Banho debalde...

A casa de vovó, que era vizinha de cerca da nossa, em Pitangui, abrigava Dona Inhana, quatro tias e um tio solteiros. Afora a mãe, enviuvada desde 1940, a fiarada toda trabalhou e se aposentou da fábrica de tecidos.

Equidistante da fartura e da penúria, a vida operária, no entanto, assegurava a estabilidade. Luxo também, pra quê? Com a vida morigerada e parcimoniosa, apoiada na rigorosa contabilidade de tia Isabel, as tias até chegaram a ter uns cobres. E, vez por outra, podiam-se permitir um passeio no Pará de Minas, ou numa esporádica ida a Belo Horizonte para consultas no INPS, a hospedagem na pensão de Dona Cenira, e até a compra d´alguma novidade das Lojas Americanas, como por exemplo, uma forma de bolo elétrica, ou um reloginho de pulso.
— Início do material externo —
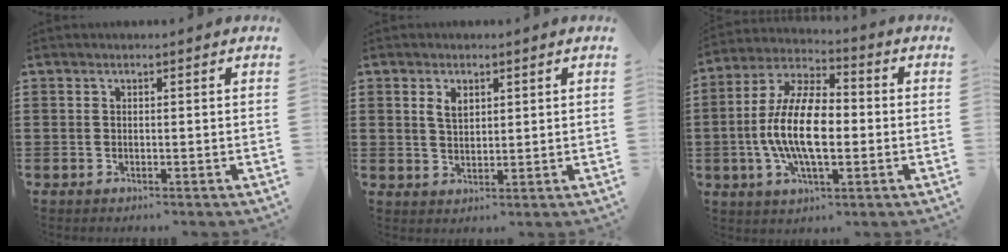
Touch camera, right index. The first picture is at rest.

Maria, a tia Lia, a caçula é que era a mais atirada, já tendo ido em romaria a Aparecida do Norte - sempre na Rural do Zé do Raul - e, além de portadora de guloseimas para a sobrinhada, falava até na compra dum tajer bonito para ornar o barraco que acabaria sendo construído ao fundo do lote para satisfazer o seu sonho de independência, sucedâneo aceitável duma boda que não viera. E não é que lhe faltassem pretendentes, mas a questão da adequação era o retrato da inequação.

E embora fosse a casa dotada de um Corona, ou Lorenzetti, elétrico, para assegurar o banho quente, tia Lia chegou da rua um dia encantada com um balde-chuveiro de zinco, cuja instalação foi apenas o primeiro de um rosário de problemas. Afinal, ela achou num galho de mangueira o local provisório para o teste. Com a ajuda entusiasmada dos sobrinhos, no quentá a água e a transportar para o balde, chegou-se a hora de testá-lo e só os meninos - de cuecas - é que pudemos disputar aquele mijico

d´água que não propiciava contudo mais de um ato do banhar. Molhar o corpo já comprometia o ensaboar, e enxaguar, nem pensar... não ia dar. E no barro que se formava, tanto se escorregava quanto os pés se emporcalhava. Só pras mangas era que a mangueira dava...

Hora de tia Lia pensar num outro projeto: a compra dum tajer (étagère), que já cobiçava desde seus tempos de mocinha e que do desejo passou a ser seu mais dileto objeto. Só a falta de espaço na casa, e no seu próprio barraco foi que fez o plano ir pro saco.